Re: [PATCH bpf-next 00/13] bpf: adding map batch processing support

Stanislav Fomichev <sdf@xxxxxxxxxxx> · Tue, 3 Sep 2019 15:30:43 -0700

On 09/03, Alexei Starovoitov wrote:
> On Fri, Aug 30, 2019 at 02:18:09PM -0700, Stanislav Fomichev wrote:
> > > > 
> > > > I personally like Jakub's/Quentin's proposal more. So if I get to choose
> > > > between this series and Jakub's filter+dump in BPF, I'd pick filter+dump
> > > > (pending per-cpu issue which we actually care about).
> > > > 
> > > > But if we can have both, I don't have any objections; this patch
> 
> I think we need to have both.
> imo Jakub's and Yonghong's approach are solving slightly different cases.
> 
> filter+dump via program is better suited for LRU map walks where filter prog
> would do some non-trivial logic.
> Whereas plain 'delete all' or 'dump all' is much simpler to use without
> loading yet another prog just to dump it.
> bpf infra today isn't quite ready for this very short lived auxiliary progs.
> At prog load pages get read-only mapping, tlbs across cpus flushed,
> kallsyms populated, FDs allocated, etc.
> Loading the prog is a heavy operation. There was a chatter before to have
> built-in progs. This filter+dump could benefit from builtin 'allow all'
> or 'delete all' progs, but imo that complicates design and asks even
> more questions than it answers. Should this builtin progs show up
> in 'bpftool prog show' ? When do they load/unload? Same safety requirements
> as normal progs? etc.
> imo it's fine to have little bit overlap between apis.
> So I think we should proceed with both batching apis.
We don't need to load filter+dump every time we need a dump, right?
We, internally, want to have this 'batch dump' only for long running daemons
(I think the same applies to bcc), we can load this filter+dump once and
then have a sys_bpf() command to trigger it.

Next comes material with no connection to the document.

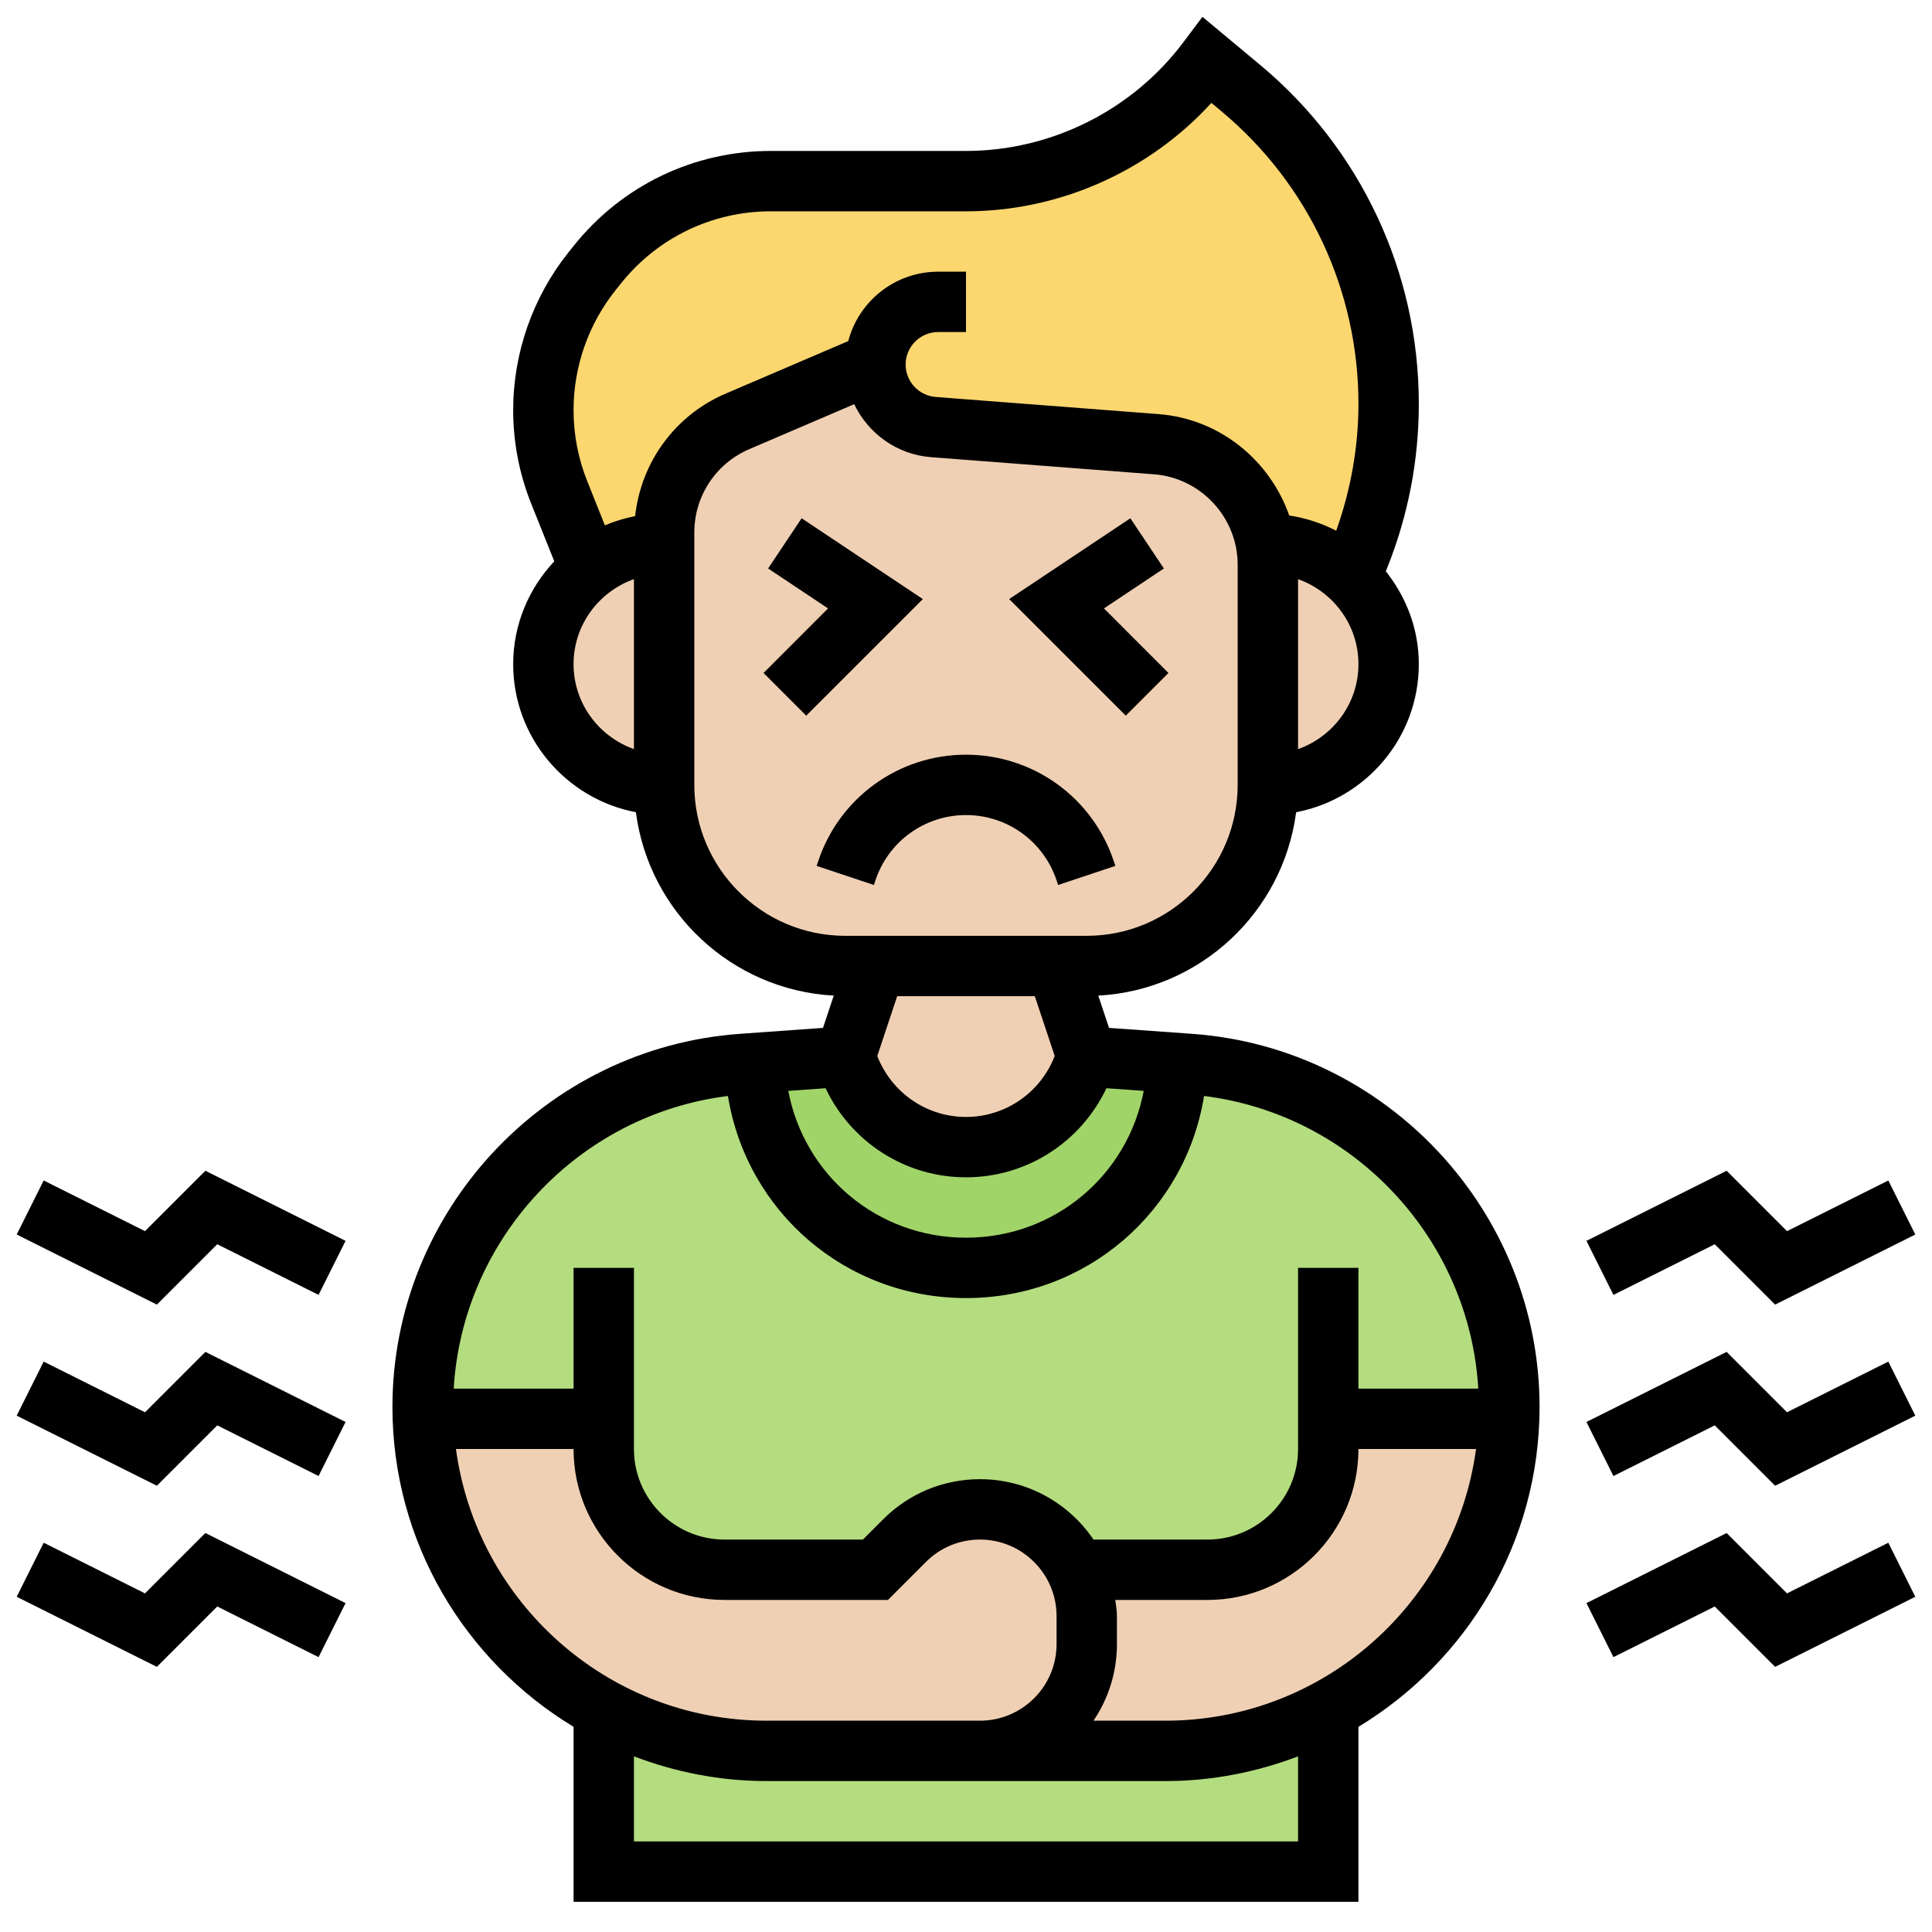 <svg id="Layer_5" enable-background="new 0 0 64 64" height="512" viewBox="0 0 64 64" width="512" xmlns="http://www.w3.org/2000/svg"><g><g><g><path d="m44 56.64v5.36h-24v-5.36c1.6.87 3.44 1.36 5.39 1.36h5.61 1.46 6.15c1.95 0 3.79-.49 5.39-1.36z" fill="#b4dd7f"/></g><g><path d="m20 47h-5.99c-.01-.13-.01-.26-.01-.39 0-2.99 1.16-5.73 3.06-7.77s4.54-3.38 7.52-3.6l.42-.03c.12 3.77 3.21 6.79 7 6.79 1.9 0 3.62-.76 4.88-1.98 1.26-1.23 2.06-2.92 2.12-4.81l.42.03c2.98.22 5.62 1.56 7.52 3.6s3.06 4.78 3.06 7.77c0 .13 0 .26-.01.39h-5.99v1c0 2.21-1.79 4-4 4h-4l-.29.14c-.18-.41-.44-.79-.75-1.1-.64-.64-1.52-1.04-2.5-1.04-.93 0-1.83.37-2.5 1.04l-.96.96h-5c-2.21 0-4-1.79-4-4z" fill="#b4dd7f"/></g><g><path d="m36 35 3 .21c-.06 1.89-.86 3.58-2.12 4.81-1.26 1.22-2.98 1.98-4.88 1.98-3.79 0-6.88-3.02-7-6.79l3-.21.05.15c.57 1.7 2.16 2.85 3.95 2.85.9 0 1.74-.29 2.43-.79s1.23-1.21 1.52-2.06z" fill="#a0d468"/></g><g><path d="m29 12-4.58 1.96c-1.47.63-2.42 2.08-2.42 3.68v.36c-.92 0-1.78.32-2.46.85l-1.01-2.53c-.35-.87-.53-1.8-.53-2.74 0-1.67.57-3.29 1.61-4.6l.18-.22c1.4-1.74 3.51-2.76 5.75-2.76h6.46c1.58 0 3.1-.37 4.47-1.06 1.37-.68 2.59-1.68 3.53-2.94l1.1.92c1.56 1.29 2.78 2.9 3.62 4.68.83 1.79 1.28 3.76 1.28 5.78 0 1.73-.33 3.45-.97 5.05l-.27.68c-.72-.69-1.69-1.11-2.76-1.11h-.06c-.32-1.77-1.79-3.14-3.63-3.28l-7.39-.57c-1.08-.09-1.92-.99-1.92-2.07 0-.03 0-.06 0-.08z" fill="#fcd770"/></g><g><path d="m44 47h5.99c-.14 4.17-2.53 7.78-5.99 9.64-1.6.87-3.44 1.36-5.39 1.36h-6.15c1.96 0 3.54-1.58 3.54-3.54v-.92c0-.5-.1-.97-.29-1.4l.29-.14h4c2.21 0 4-1.79 4-4z" fill="#f0d0b4"/></g><g><path d="m44.83 19.17c.72.73 1.17 1.73 1.17 2.83 0 2.21-1.79 4-4 4v-7.3c0-.24-.02-.47-.06-.7h.06c1.07 0 2.04.42 2.76 1.11.03.02.05.04.07.06z" fill="#f0d0b4"/></g><g><path d="m41.94 18c.04.23.06.46.06.7v7.3c0 3.31-2.69 6-6 6h-1-6-1c-3.31 0-6-2.69-6-6v-8-.36c0-1.6.95-3.05 2.42-3.68l4.58-1.96v.08c0 1.08.84 1.98 1.92 2.07l7.39.57c1.84.14 3.31 1.51 3.63 3.28z" fill="#f0d0b4"/></g><g><path d="m36 53.54v.92c0 1.96-1.58 3.54-3.54 3.54h-1.46-5.61c-1.95 0-3.79-.49-5.39-1.36-3.46-1.86-5.85-5.47-5.99-9.64h5.99v1c0 2.21 1.79 4 4 4h5l.96-.96c.67-.67 1.57-1.04 2.5-1.04.98 0 1.86.4 2.5 1.04.31.31.57.69.75 1.1.19.43.29.9.29 1.4z" fill="#f0d0b4"/></g><g><path d="m35 32 1 3-.05.15c-.29.85-.83 1.56-1.52 2.06s-1.53.79-2.43.79c-1.79 0-3.38-1.15-3.95-2.85l-.05-.15 1-3z" fill="#f0d0b4"/></g><g><path d="m22 18v8c-1.1 0-2.1-.45-2.83-1.17-.72-.73-1.17-1.73-1.17-2.83 0-1.28.6-2.42 1.54-3.15.68-.53 1.54-.85 2.46-.85z" fill="#f0d0b4"/></g></g><g><path d="m39.491 34.247-2.753-.197-.356-1.069c3.379-.183 6.123-2.767 6.554-6.075 2.309-.44 4.064-2.469 4.064-4.906 0-1.165-.417-2.224-1.093-3.075l.047-.118c.694-1.735 1.046-3.561 1.046-5.43 0-4.351-1.917-8.443-5.259-11.229l-1.909-1.591-.632.843c-1.691 2.254-4.382 3.6-7.2 3.6h-6.462c-2.554 0-4.934 1.144-6.53 3.139l-.176.22c-1.181 1.477-1.832 3.332-1.832 5.224 0 1.068.201 2.113.598 3.105l.763 1.906c-.838.894-1.361 2.087-1.361 3.406 0 2.437 1.755 4.466 4.065 4.906.43 3.308 3.175 5.892 6.554 6.075l-.356 1.069-2.753.197c-6.454.461-11.51 5.89-11.51 12.36 0 4.493 2.411 8.423 6 10.596v5.797h26v-5.796c3.589-2.173 6-6.104 6-10.596 0-6.471-5.056-11.9-11.509-12.361zm-5.212-1.247.66 1.981c-.47 1.211-1.628 2.019-2.939 2.019s-2.469-.808-2.939-2.019l.66-1.981zm-6.931 3.049c.846 1.784 2.639 2.951 4.652 2.951s3.805-1.166 4.652-2.951l1.235.088c-.528 2.792-2.949 4.863-5.887 4.863s-5.359-2.071-5.887-4.863zm15.652-11.233v-5.631c1.161.414 2 1.514 2 2.816s-.839 2.401-2 2.815zm-24-2.816c0-1.302.839-2.402 2-2.816v5.631c-1.161-.413-2-1.513-2-2.815zm2.04-4.903c-.348.068-.684.17-1.002.306l-.583-1.458c-.302-.755-.455-1.55-.455-2.362 0-1.439.495-2.851 1.395-3.975l.176-.22c1.213-1.518 3.024-2.388 4.967-2.388h6.462c3.092 0 6.06-1.326 8.129-3.591l.331.276c2.885 2.405 4.54 5.938 4.54 9.692 0 1.441-.256 2.85-.736 4.203-.48-.246-1-.42-1.557-.504-.639-1.828-2.303-3.203-4.324-3.358l-7.389-.568c-.557-.043-.994-.514-.994-1.073 0-.594.483-1.077 1.077-1.077h.923v-2h-.923c-1.427 0-2.631.977-2.977 2.298l-4.069 1.744c-1.673.717-2.798 2.274-2.991 4.055zm1.96 8.903v-8.362c0-1.202.714-2.284 1.818-2.758l3.479-1.491c.461.969 1.416 1.669 2.543 1.755l7.389.568c1.553.119 2.77 1.433 2.77 2.991v7.297c0 2.757-2.243 5-5 5h-8c-2.756 0-4.999-2.243-4.999-5zm1.114 10.306c.619 3.827 3.895 6.694 7.886 6.694s7.267-2.867 7.886-6.694c4.949.616 8.791 4.721 9.084 9.694h-3.97v-4h-2v6c0 1.654-1.346 3-3 3h-3.777c-.816-1.206-2.196-2-3.759-2-1.212 0-2.351.472-3.208 1.328l-.671.672h-4.585c-1.654 0-3-1.346-3-3v-6h-2v4h-3.97c.293-4.973 4.134-9.078 9.084-9.694zm-9.01 11.694h3.896c0 2.757 2.243 5 5 5h5.415l1.257-1.258c.478-.478 1.115-.742 1.792-.742 1.398 0 2.536 1.138 2.536 2.535v.93c0 1.397-1.138 2.535-2.536 2.535h-1.464-5.607c-5.258 0-9.604-3.927-10.289-9zm27.896 13h-22v-2.819c1.368.521 2.844.819 4.393.819h5.607 1.464 6.143c1.548 0 3.025-.298 4.393-.819zm-4.393-4h-2.384c.49-.724.777-1.597.777-2.535v-.93c0-.183-.033-.358-.054-.535h3.054c2.757 0 5-2.243 5-5h3.896c-.685 5.073-5.031 9-10.289 9z"/><path d="m29 29.162c.431-1.293 1.637-2.162 3-2.162s2.569.869 3 2.163l.051.154 1.897-.633-.051-.153c-.703-2.113-2.671-3.531-4.897-3.531s-4.194 1.418-4.897 3.53l-.051.154 1.897.633z"/><path d="m26.555 17.168-1.11 1.664 1.985 1.323-2.137 2.138 1.414 1.414 3.863-3.862z"/><path d="m38.707 22.293-2.137-2.138 1.985-1.323-1.11-1.664-4.015 2.677 3.863 3.862z"/><path d="m56.803 41.217 2 2 4.644-2.322-.894-1.79-3.356 1.678-2-2-4.644 2.322.894 1.79z"/><path d="m59.197 46.783-2-2-4.644 2.322.894 1.79 3.356-1.678 2 2 4.644-2.322-.894-1.79z"/><path d="m59.197 52.783-2-2-4.644 2.322.894 1.79 3.356-1.678 2 2 4.644-2.322-.894-1.79z"/><path d="m4.803 40.783-3.356-1.678-.894 1.79 4.644 2.322 2-2 3.356 1.678.894-1.79-4.644-2.322z"/><path d="m4.803 46.783-3.356-1.678-.894 1.79 4.644 2.322 2-2 3.356 1.678.894-1.79-4.644-2.322z"/><path d="m4.803 52.783-3.356-1.678-.894 1.79 4.644 2.322 2-2 3.356 1.678.894-1.79-4.644-2.322z"/></g></g></svg>

Also, related, if we add this batch dump, it doesn't mean that
everything should switch to it. For example, I feel like we
are perfectly fine if bpftool still uses get_next_key+lookup
since we use it only for debugging.

> Having said that I think both are suffering from the important issue pointed out
> by Brian: when kernel deletes an element get_next_key iterator over hash/lru
> map will produce duplicates.
> The amount of duplicates can be huge. When batched iterator is slow and
> bpf prog is doing a lot of update/delete, there could be 10x worth of duplicates,
> since walk will resume from the beginning.
> User space cannot be tasked to deal with it.
> I think this issue has to be solved in the kernel first and it may require
> different batching api.
> 
> One idea is to use bucket spin_lock and batch process it bucket-at-a-time.
> From api pov the user space will tell kernel:
> - here is the buffer for N element. start dump from the beginning.
> - kernel will return <= N elements and an iterator.
> - user space will pass this opaque iterator back to get another batch
> For well behaved hash/lru map there will be zero or one elements per bucket.
> When there are 2+ the batching logic can process them together.
> If 'lookup' is requested the kernel can check whether user space provided
> enough space for these 2 elements. If not abort the batch earlier.
> get_next_key won't be used. Instead some sort of opaque iterator
> will be returned to user space, so next batch lookup can start from it.
> This iterator could be the index of the last dumped bucket.
> This idea won't work for pathological hash tables though.
> A lot of elements in a single bucket may be more than room for single batch.
> In such case iterator will get stuck, since num_of_elements_in_bucket > batch_buf_size.
> May be special error code can be used to solve that?
This all requires new per-map implementations unfortunately :-(
We were trying to see if we can somehow improve the existing bpf_map_ops
to be more friendly towards batching.

You also bring a valid point with regard to well behaved hash/lru,
we might be optimizing for the wrong case :-)

> I hope we can come up with other ideas to have a stable iterator over hash table.
> Let's use email to describe the ideas and upcoming LPC conference to
> sort out details and finalize the one to use.